Transfer Learning from Spanish to Portuguese: How Neighbors on the Map Also Share Vectors
Transfer learning is one of the hottest topics of natural language processing-and, indeed, machine learning in general-in recent years. In this post, I want to share with you what transfer learning is, why it's so helpful when thinking about language-related tasks, and how we've used it to create a high-accuracy model for Portuguese based on the work that we'd already done for Spanish. In this blog post, we'll discuss some of our specific logic here, including the intuition of picking Spanish for helping Portuguese model training and the similarities between these languages on many levels. But to get started, let's talk about what transfer learning is and why it's so valued at Deepgram before diving into the specifics of Spanish and Portuguese.

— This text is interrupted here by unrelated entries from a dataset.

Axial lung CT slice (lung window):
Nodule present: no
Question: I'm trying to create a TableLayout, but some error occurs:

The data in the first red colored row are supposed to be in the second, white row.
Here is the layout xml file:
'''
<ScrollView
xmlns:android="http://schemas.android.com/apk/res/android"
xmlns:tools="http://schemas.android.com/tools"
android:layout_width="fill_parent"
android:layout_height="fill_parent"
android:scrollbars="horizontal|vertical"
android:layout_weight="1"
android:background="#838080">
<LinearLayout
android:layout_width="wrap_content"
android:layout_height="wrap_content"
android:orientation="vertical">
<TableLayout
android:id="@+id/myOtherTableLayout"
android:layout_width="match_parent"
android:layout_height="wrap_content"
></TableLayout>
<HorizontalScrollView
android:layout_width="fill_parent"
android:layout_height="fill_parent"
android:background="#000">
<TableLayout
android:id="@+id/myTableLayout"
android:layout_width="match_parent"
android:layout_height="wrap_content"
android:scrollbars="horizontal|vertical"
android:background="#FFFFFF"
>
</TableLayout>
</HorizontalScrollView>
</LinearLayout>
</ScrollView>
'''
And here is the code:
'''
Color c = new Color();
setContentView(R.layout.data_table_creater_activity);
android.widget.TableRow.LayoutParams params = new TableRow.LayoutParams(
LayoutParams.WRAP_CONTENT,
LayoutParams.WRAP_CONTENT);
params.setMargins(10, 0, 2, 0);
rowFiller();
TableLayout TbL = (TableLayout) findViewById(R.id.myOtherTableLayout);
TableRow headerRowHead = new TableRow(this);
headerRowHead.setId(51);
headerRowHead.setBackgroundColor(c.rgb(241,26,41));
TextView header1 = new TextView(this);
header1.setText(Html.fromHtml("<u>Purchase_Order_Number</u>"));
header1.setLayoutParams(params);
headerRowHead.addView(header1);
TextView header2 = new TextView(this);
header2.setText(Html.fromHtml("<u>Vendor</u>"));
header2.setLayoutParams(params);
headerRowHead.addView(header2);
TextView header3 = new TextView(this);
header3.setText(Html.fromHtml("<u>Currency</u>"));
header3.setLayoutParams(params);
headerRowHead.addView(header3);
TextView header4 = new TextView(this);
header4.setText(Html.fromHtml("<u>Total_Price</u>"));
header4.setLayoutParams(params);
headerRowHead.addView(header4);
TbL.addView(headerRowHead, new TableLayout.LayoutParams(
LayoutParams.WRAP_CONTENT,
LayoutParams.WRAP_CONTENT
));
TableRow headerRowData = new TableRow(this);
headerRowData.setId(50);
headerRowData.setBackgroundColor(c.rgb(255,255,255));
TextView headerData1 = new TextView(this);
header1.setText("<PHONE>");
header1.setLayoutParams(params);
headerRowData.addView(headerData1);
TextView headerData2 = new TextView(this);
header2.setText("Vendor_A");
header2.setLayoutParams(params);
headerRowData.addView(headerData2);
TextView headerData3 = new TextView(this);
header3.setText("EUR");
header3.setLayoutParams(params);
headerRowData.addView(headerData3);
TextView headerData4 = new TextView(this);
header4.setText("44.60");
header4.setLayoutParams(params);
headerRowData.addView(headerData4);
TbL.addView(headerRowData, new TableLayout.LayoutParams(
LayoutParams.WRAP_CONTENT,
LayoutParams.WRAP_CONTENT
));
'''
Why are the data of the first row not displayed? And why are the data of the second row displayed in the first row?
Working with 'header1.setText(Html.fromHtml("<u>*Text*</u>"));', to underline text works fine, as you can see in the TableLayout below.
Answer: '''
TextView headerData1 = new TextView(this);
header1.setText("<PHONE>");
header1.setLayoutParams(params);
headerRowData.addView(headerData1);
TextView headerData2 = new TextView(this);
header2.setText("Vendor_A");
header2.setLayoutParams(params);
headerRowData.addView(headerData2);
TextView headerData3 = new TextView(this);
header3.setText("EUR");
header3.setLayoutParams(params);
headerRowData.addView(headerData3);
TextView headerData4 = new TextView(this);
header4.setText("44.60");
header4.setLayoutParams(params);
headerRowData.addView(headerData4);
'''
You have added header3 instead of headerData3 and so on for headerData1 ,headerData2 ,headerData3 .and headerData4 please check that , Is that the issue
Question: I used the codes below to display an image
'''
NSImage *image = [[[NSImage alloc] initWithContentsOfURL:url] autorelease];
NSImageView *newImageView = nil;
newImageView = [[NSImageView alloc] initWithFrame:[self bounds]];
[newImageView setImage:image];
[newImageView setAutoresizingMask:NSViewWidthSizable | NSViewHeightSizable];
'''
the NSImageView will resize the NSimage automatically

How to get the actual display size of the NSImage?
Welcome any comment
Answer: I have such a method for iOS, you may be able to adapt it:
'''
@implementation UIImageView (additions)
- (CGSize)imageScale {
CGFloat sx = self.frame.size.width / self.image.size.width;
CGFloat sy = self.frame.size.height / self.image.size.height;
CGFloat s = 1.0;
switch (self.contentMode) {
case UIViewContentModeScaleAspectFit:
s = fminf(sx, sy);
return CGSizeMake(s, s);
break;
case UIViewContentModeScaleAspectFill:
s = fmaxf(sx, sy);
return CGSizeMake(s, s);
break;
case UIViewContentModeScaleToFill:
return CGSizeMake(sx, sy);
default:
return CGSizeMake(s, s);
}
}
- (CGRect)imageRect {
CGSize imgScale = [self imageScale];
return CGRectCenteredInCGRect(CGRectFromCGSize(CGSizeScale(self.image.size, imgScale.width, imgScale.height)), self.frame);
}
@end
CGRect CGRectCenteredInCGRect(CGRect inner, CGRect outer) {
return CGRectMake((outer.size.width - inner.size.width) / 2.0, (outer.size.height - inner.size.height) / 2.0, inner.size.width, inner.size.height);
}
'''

What is Transfer Learning? A Very Brief History
In short, we can say that transfer learning is taking a model that has been trained on one task, and using it for a different one by changing its training data. Transfer learning started its journey with word vectors, which are static vectors for each word in the corpus. For our purposes, you can think of a vector as a way of describing the relationship between words in a large, abstract space. To get an idea of how this works, you can see an example of word vectors in Figure 1, below. If you look at the 1st box for the words man and woman, they're the same, but the word king is different because he's not an ordinary human; he's the king. Also man, woman, and king share the same third box, because they're all human. The fourth box of king is identical to man (baby blue), but woman has a different fourth box, pink. So king is more similar to man in this regard.
Figure 1. Word2vec, the ancestor of transfer learning, showing word similarities and differences (from https://jalammar.github.io/illustrated-word2vec/).
Next, contextual word vectors came with ELMo, or Embeddings from Language Models, which is "a type of deep contextualized word representation that models both (1) complex characteristics of word use (e.g., syntax and semantics), and (2) how these uses vary across linguistic contexts (i.e., to model polysemy)" (source.)). This provided a way to look at the relationship between words at a greater depth and with more . Finally transformers-a type of deep learning model that differentially weights input data-were developed to generate contextual word vectors as well as a sentence-level vector, which is even better for linguistic analysis.
At each step of this process, though, the goal remained the same-to look for good representations for our corpus words, which happen to be vectors. Both pretrained word vectors and transformers are trained on giant corpora, hence they know a lot about the target language's syntax and semantics. We feed pretrained vectors to our downstream models and the vectors bring what they know about the language, semantics of the words, and many surprising features to our models.
You can probably already see how this could be useful for language-related tasks. Speech recognition is the task of converting speech to text. Though speech recognition models are more sophisticated algorithms than text oriented statistical models, a neural network is still a neural network and weights are certainly used.
Hence, some weight re-using techniques are applicable to speech recognition, along with more sophisticated acoustic tricks. That is to say, once you have a model that works well for one language, it's relatively easy to give that model data for another language-especially one that's closely related-and see better results than if you started from scratch.
Why We Use Transfer Learning
At Deepgram, transfer learning is highly valued. For a specific language, when we want to train a new version of a specific model, we don't want to start from scratch. Instead, when we want to train a model for a brand new language, we want to transfer some knowledge from a similar language's model when possible. To illustrate the power of these processes, we'll look at a specific case of transfer learning-going from Spanish to Portuguese-to show how you can train a model for a new language from scratch by the help of a similar language's model.